Further, in order to evaluate the stability of the constituent phase after the test, the proportion of the constituent phase was calculated from X-ray diffraction, and the phase change rate to monoclinic ZrO ₂ was obtained. The results are also shown in the table below.

As is clear from the above table, since the electrolyte matrix of Comparative Example 1 had fine cracks after the heat cycle, the bending strength after the heat cycle was significantly reduced as compared with that before the heat cycle. On the other hand, the electrolyte matrices of Examples 1 to 5 did not crack even when subjected to a heat cycle, and the bending strength after the heat cycle was improved as compared with the electrolyte matrix of Comparative Example 1. Further, in the electrolyte matrices of Examples 1 to 5, the bending strength after the heat cycle was improved as the blending ratio of Li ₂ ZrO ₃ fiber was increased. On the other hand, in Comparative Example 2, the rate of phase change to monoclinic ZrO ₂ after the test is very large.

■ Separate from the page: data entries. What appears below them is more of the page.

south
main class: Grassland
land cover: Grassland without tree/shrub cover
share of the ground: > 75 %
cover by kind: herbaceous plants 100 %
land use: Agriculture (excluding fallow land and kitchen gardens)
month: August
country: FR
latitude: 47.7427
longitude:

In the above examples, the holding material (γ-LiAlO ₂ ) content was fixed to 40% by weight, and the electrolyte (K ₂ CO ₃ and Li ₂ CO ₃ ) and Li ₂
The sum with ZrO ₃ fiber is constant. In this case, Li ₂ ZrO ₃
If the fibers are mixed in an amount of 20% by weight or more, the electrolyte becomes 40% by weight or less, and the battery characteristics are deteriorated due to an increase in internal resistance during the battery reaction. Therefore, it is not preferable to mix 20% by weight or more of Li ₂ ZrO ₃ fibers.

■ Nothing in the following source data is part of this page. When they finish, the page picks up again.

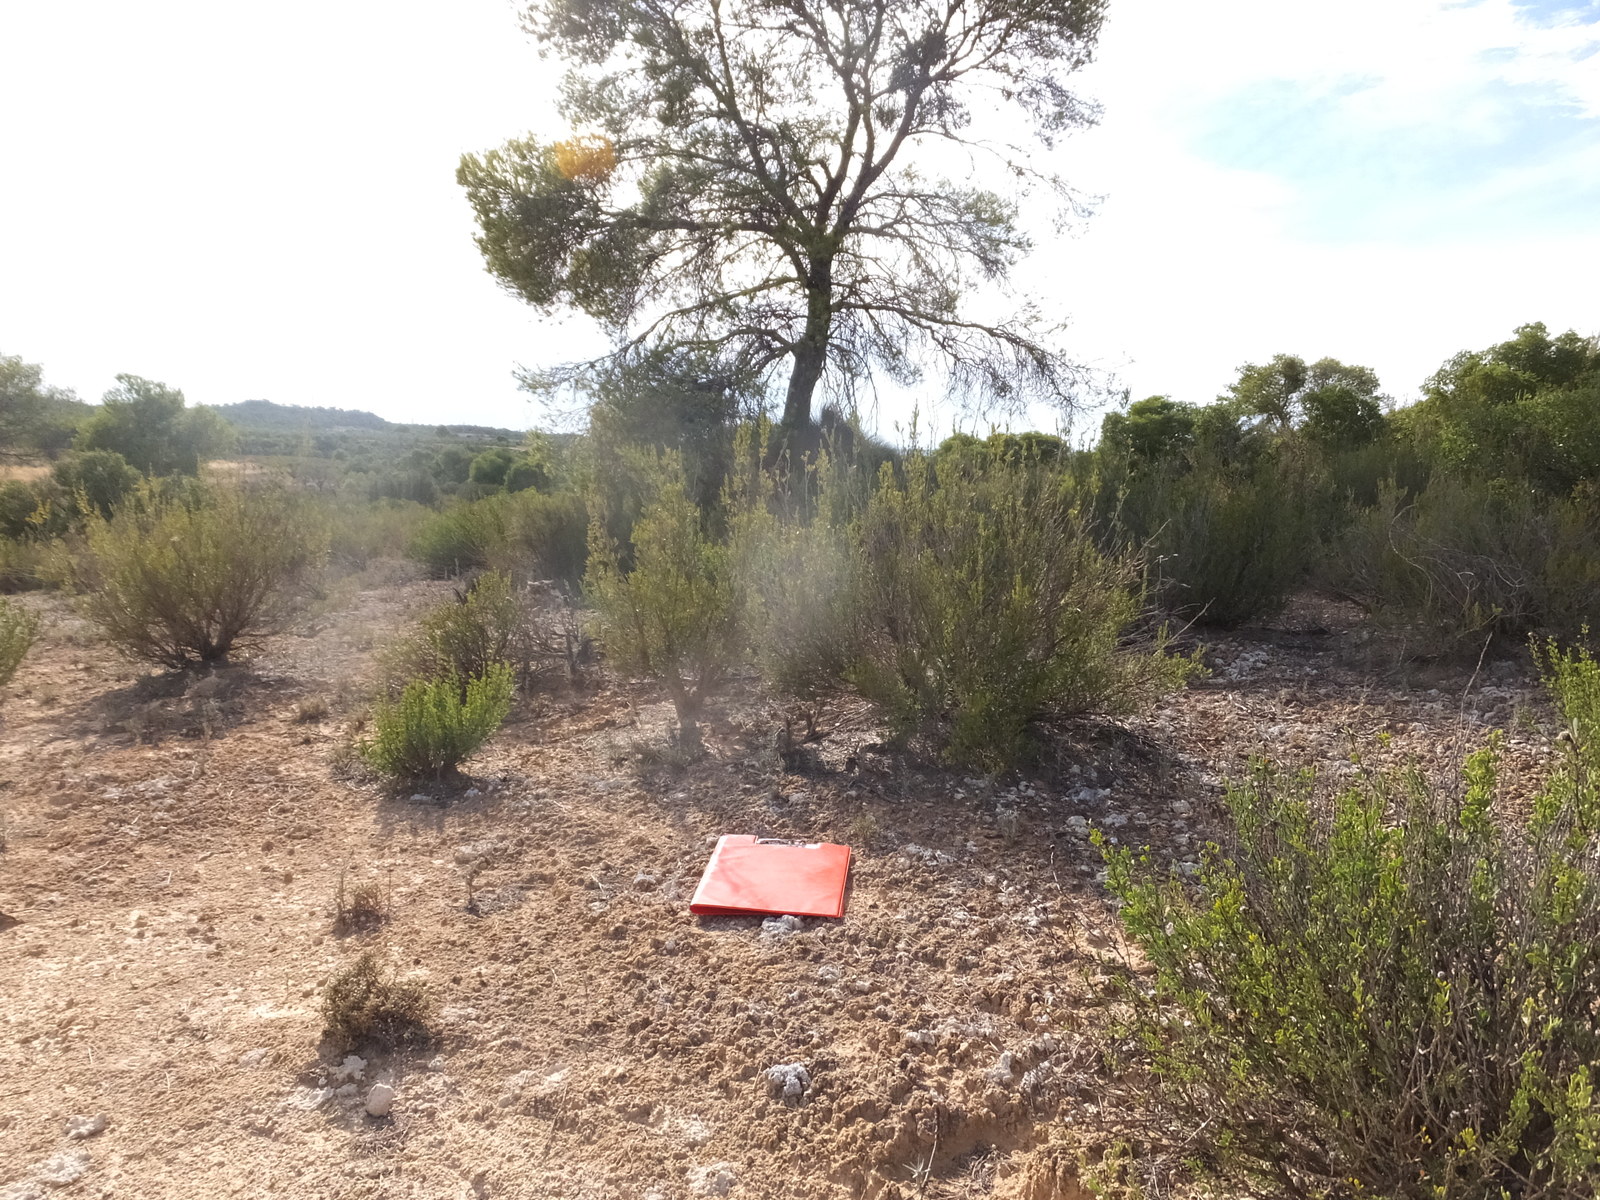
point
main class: Shrubland
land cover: Shrubland with sparse tree cover
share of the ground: > 75 %
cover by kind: shrubs 75 %, herbaceous plants 15 %, coniferous forest trees 5 %, unconsolidated bare surface 5 %
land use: Semi-natural and natural areas not in use
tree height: < 5 m
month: August
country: ES
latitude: 41.2781
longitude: 0.1146

Further, with respect to the electrolyte matrix of Example 3, the fracture surface of the test piece subjected to the heat cycle was observed by a scanning electron microscope, and it was confirmed that the pores were finely dispersed.

〔The invention's effect〕

As described in detail above, according to the present invention, there is provided an electrolyte matrix for a molten carbonate fuel cell, which has high strength such that penetration cracking can be prevented for a long period of time even when subjected to a thermal cycle without causing deterioration of slump characteristics. It is possible.

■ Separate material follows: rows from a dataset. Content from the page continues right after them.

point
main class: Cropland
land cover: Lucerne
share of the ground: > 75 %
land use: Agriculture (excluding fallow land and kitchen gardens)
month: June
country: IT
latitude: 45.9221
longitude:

 ─────────────────────────────────────────────────── ─── Continuation of the front page (72) Inventor Akihiko Tsuge No. 1 Komukai Toshiba-cho, Kouki-ku, Kawasaki-shi, Kanagawa Inside the Toshiba Research Institute Co., Ltd. (56) Reference JP-A-56-82583 (JP, A) Kaisho 60-101876 (JP, A)

Claims (1)

[Claims] 1. A carbonate holding material used as an electrolyte in a molten state and a ceramic holding material holding a molten carbonate,
An electrolyte matrix for a molten carbonate fuel cell, characterized in that it contains 20% by weight of Li ₂ ZrO ₃ fiber.